■ THE TASK:
Only a number is wanted here: the count of lines in the entries below that contain the word "about".
[[ MATERIAL FOR THE TASK, beginning ]]
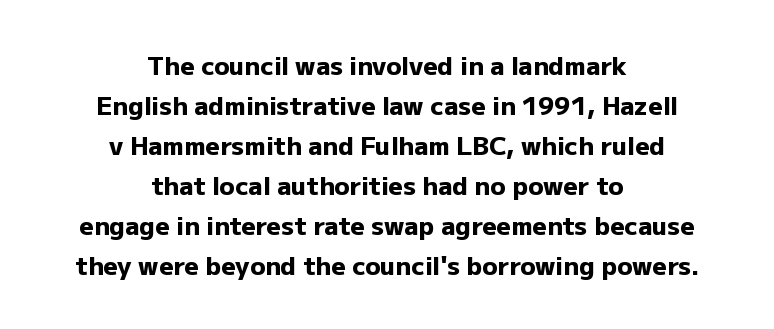
{"italic": "no", "bold": "yes", "underline": "no", "align": "center", "line_spacing": "normal", "line_spacing_ratio": 1.6, "letter_spacing": "normal", "letter_spacing_em": 0.0, "glyph_px": 25}
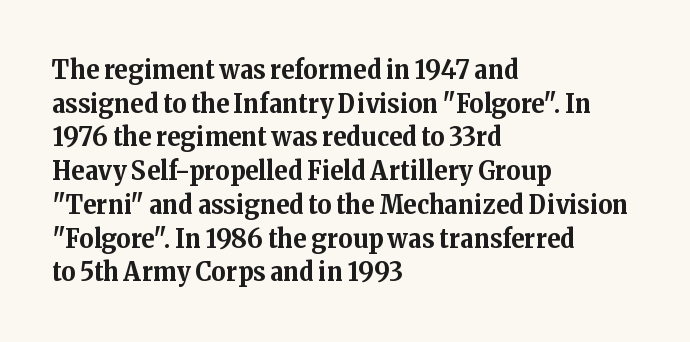
The image shows 27 px bold type, upright; set left-aligned, normal line spacing (1.25x), normal letter spacing, not underlined.
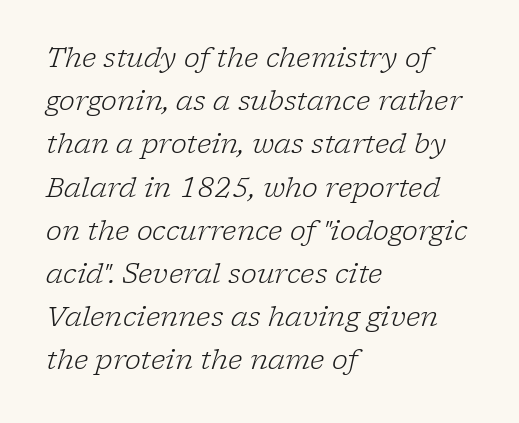
The passage shown has conventional tracking throughout. Regarding leading, the lines here are spaced in the standard way. Leftover space on each line is placed entirely after the last word. Slant detected: the letters are inclined.
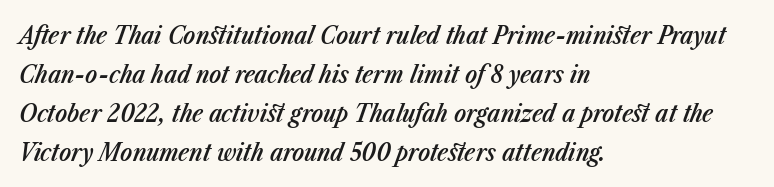
Q: Is the text bold? A: Semi-bold.
Q: Is the text italic (slanted)? A: Yes, it leans right by about 23 degrees.
Q: Is the text underlined? A: No.
Q: How is the paragraph aligned? A: Left-aligned.
Q: Is the spacing between letters normal or unusually wide? A: Normal.
Q: Is the spacing between lines tight, normal or loose? A: Normal.
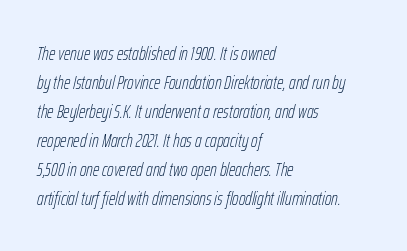
Q: Is the text bold? A: No.
Q: Is the text italic (slanted)? A: Yes, it leans right by about 12 degrees.
Q: Is the text underlined? A: No.
Q: How is the paragraph aligned? A: Left-aligned.
Q: Is the spacing between letters normal or unusually wide? A: Normal.
Q: Is the spacing between lines tight, normal or loose? A: Normal.
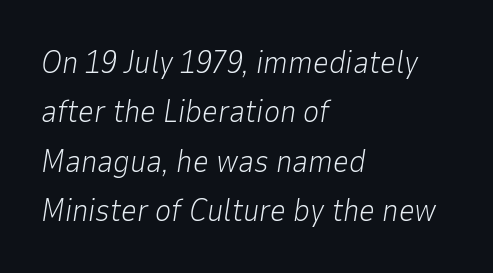
Q: Is the text bold? A: No.
Q: Is the text italic (slanted)? A: Yes, it leans right by about 9 degrees.
Q: Is the text underlined? A: No.
Q: How is the paragraph aligned? A: Left-aligned.
Q: Is the spacing between letters normal or unusually wide? A: Normal.
Q: Is the spacing between lines tight, normal or loose? A: Normal.
Q: Width (condensed, normal, or wide)? A: Normal.
Q: Stroke contrast? A: Low.
Q: x-height? A: Medium.
Q: Monospaced? A: No.
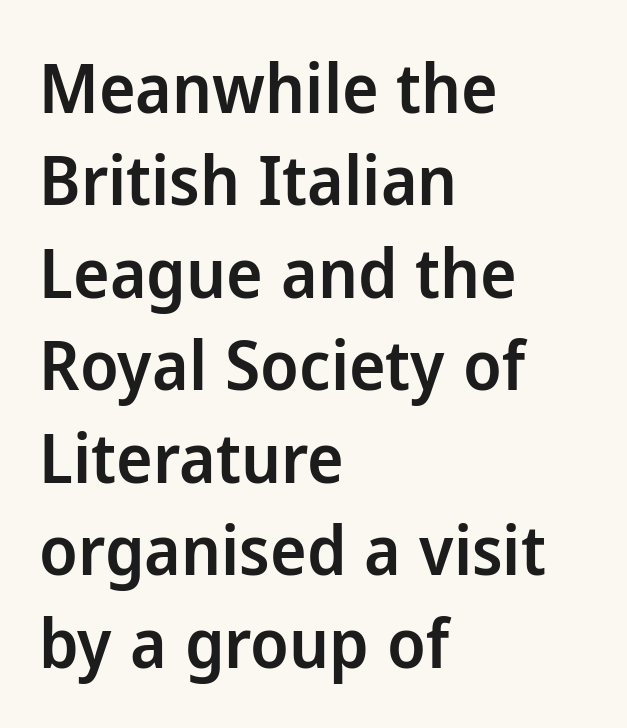
A bit beefed up — I'd call it semibold rather than bold. You could not count columns in this text — the font is proportionally spaced. Every row of glyphs begins at an identical x-position on the left. Decoration check: the copy has no underline. If you measured baseline to baseline, you'd find a middling distance.
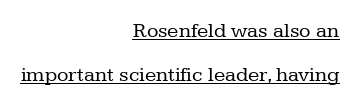
Q: Is the text bold? A: No.
Q: Is the text italic (slanted)? A: No, it is upright.
Q: Is the text underlined? A: Yes.
Q: How is the paragraph aligned? A: Right-aligned.
Q: Is the spacing between letters normal or unusually wide? A: Normal.
Q: Is the spacing between lines tight, normal or loose? A: Loose.
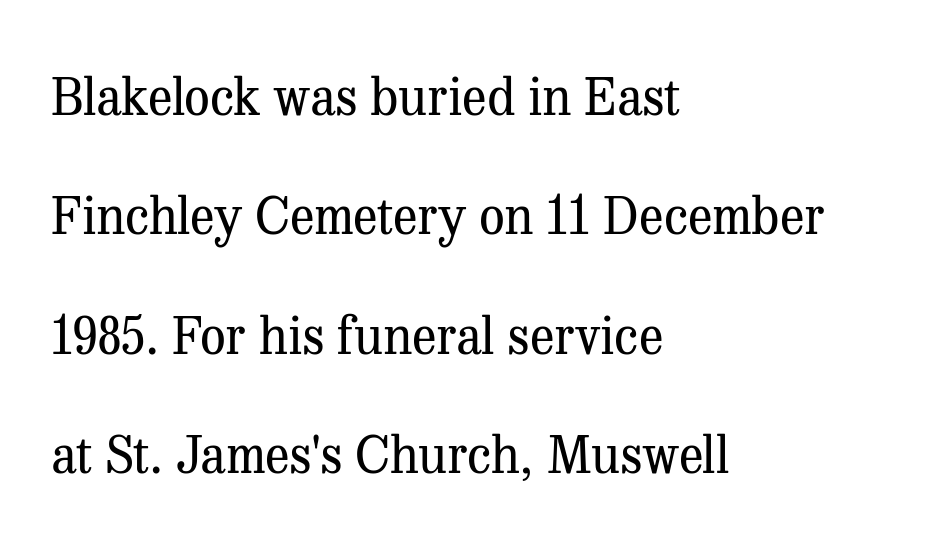
The image shows 51 px regular-weight serif type, upright; set left-aligned, loose line spacing (2.34x), normal letter spacing, not underlined; medium stroke contrast and a medium x-height.
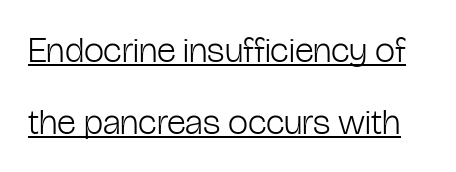
The image shows 36 px light, condensed sans-serif type, upright; set loose line spacing (2.0x), normal letter spacing, underlined; low stroke contrast and a medium x-height.
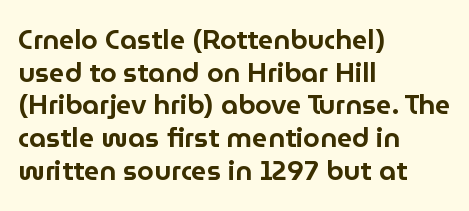
Q: Is the text italic (slanted)? A: No, it is upright.
Q: Is the text underlined? A: No.
Q: How is the paragraph aligned? A: Left-aligned.
Q: Is the spacing between letters normal or unusually wide? A: Normal.
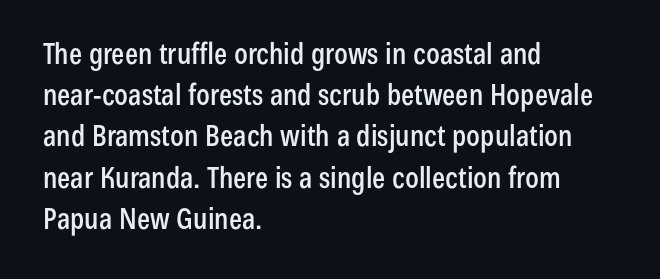
The image shows 29 px condensed sans-serif type, upright; set left-aligned, normal line spacing (1.42x), normal letter spacing, not underlined; low stroke contrast and a medium x-height.
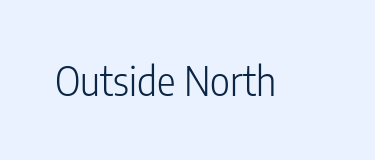
{"serif": "no", "italic": "no", "bold": "no", "weight": "light", "width": "condensed", "stroke_contrast": "low", "x_height": "medium", "monospaced": "no", "underline": "no", "letter_spacing": "normal", "letter_spacing_em": 0.0, "glyph_px": 39}
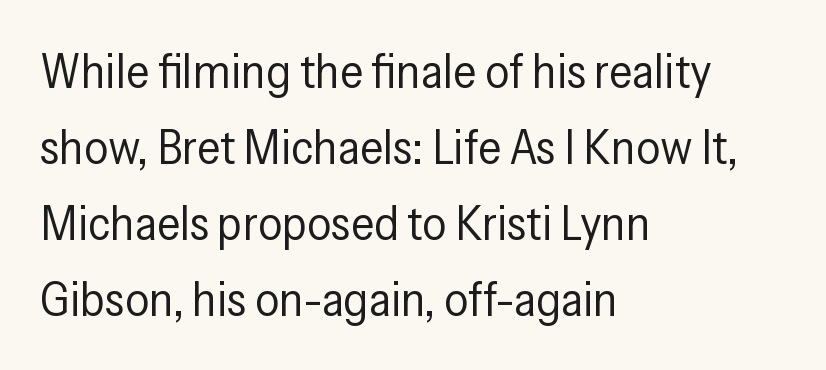
{"serif": "no", "italic": "no", "bold": "no", "weight": "regular", "width": "condensed", "stroke_contrast": "low", "x_height": "medium", "monospaced": "no", "underline": "no", "align": "left", "line_spacing": "normal", "line_spacing_ratio": 1.58, "letter_spacing": "normal", "letter_spacing_em": 0.0, "glyph_px": 48}
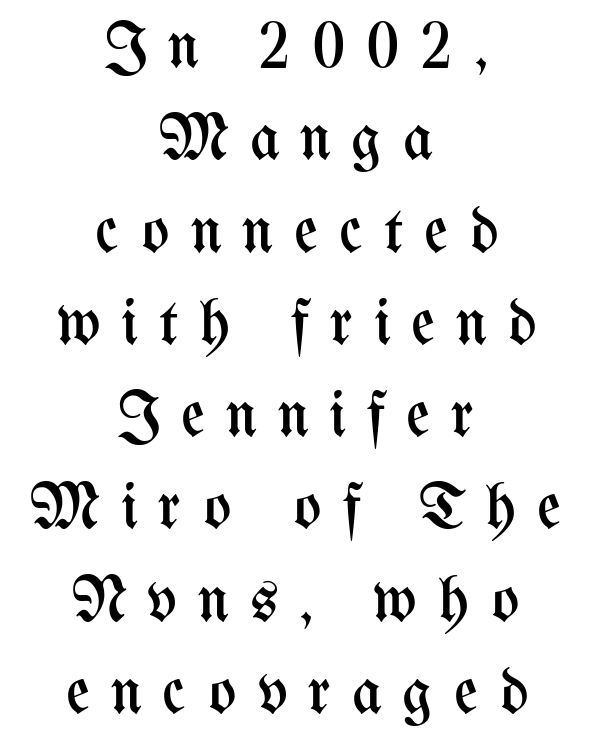
{"italic": "no", "bold": "no", "weight": "regular", "width": "condensed", "stroke_contrast": "medium", "x_height": "medium", "monospaced": "no", "underline": "no", "align": "center", "line_spacing": "normal", "line_spacing_ratio": 1.42, "letter_spacing": "wide", "letter_spacing_em": 0.32, "glyph_px": 65}
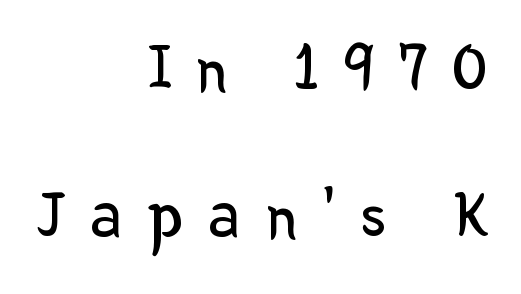
The image shows 66 px regular-weight sans-serif type, upright; set right-aligned, loose line spacing (2.23x), unusually wide letter spacing (+0.37 em), not underlined; low stroke contrast and a medium x-height.
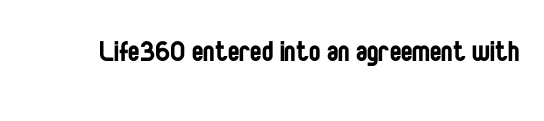
Q: Is the text bold? A: No.
Q: Is the text italic (slanted)? A: No, it is upright.
Q: Is the typeface a serif or a sans-serif typeface? A: Sans-serif.
Q: Is the text underlined? A: No.
Q: Is the spacing between letters normal or unusually wide? A: Normal.
Q: Width (condensed, normal, or wide)? A: Condensed.
Q: Stroke contrast? A: Low.
Q: x-height? A: Large.
Q: Monospaced? A: No.
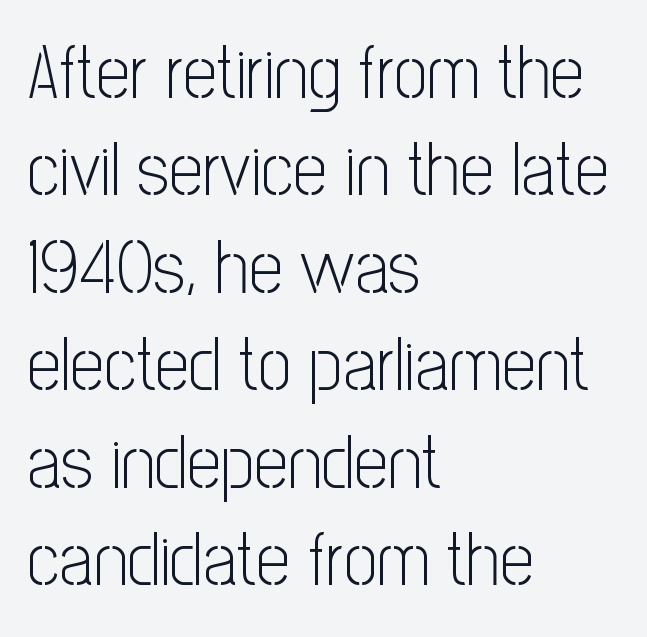
Q: Is the text bold? A: No.
Q: Is the text italic (slanted)? A: No, it is upright.
Q: Is the typeface a serif or a sans-serif typeface? A: Sans-serif.
Q: Is the text underlined? A: No.
Q: How is the paragraph aligned? A: Left-aligned.
Q: Is the spacing between letters normal or unusually wide? A: Normal.
Q: Is the spacing between lines tight, normal or loose? A: Normal.
Q: Width (condensed, normal, or wide)? A: Condensed.
Q: Stroke contrast? A: Low.
Q: x-height? A: Medium.
Q: Monospaced? A: No.
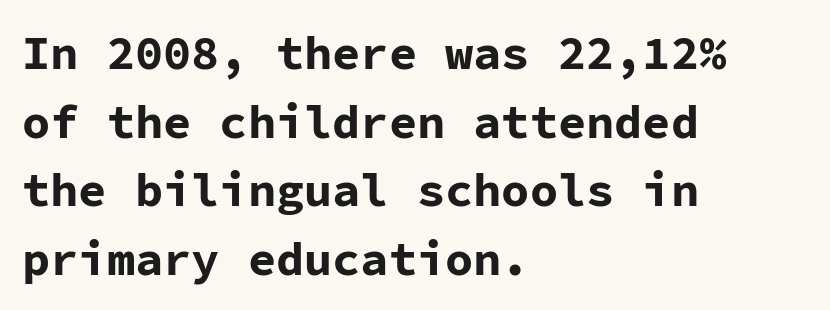
The image shows 47 px bold sans-serif type, upright, monospaced; set left-aligned, normal line spacing (1.46x), normal letter spacing, not underlined; low stroke contrast and a medium x-height.
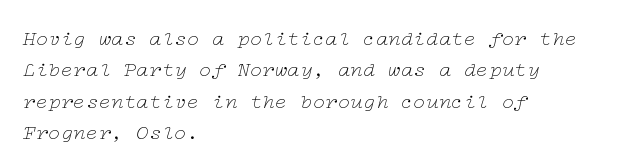
{"italic": "yes", "lean": "right", "slant_degrees": 12, "bold": "no", "underline": "no", "align": "left", "line_spacing": "normal", "line_spacing_ratio": 1.5, "letter_spacing": "normal", "letter_spacing_em": 0.0, "glyph_px": 21}
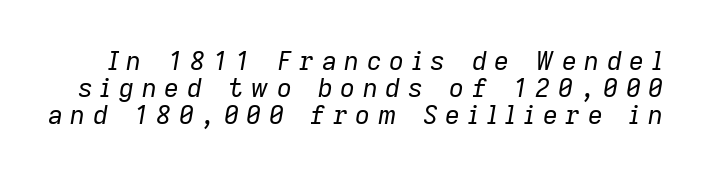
[[ MATERIAL FOR THE TASK, end ]]
■ ANSWER SECTION:
3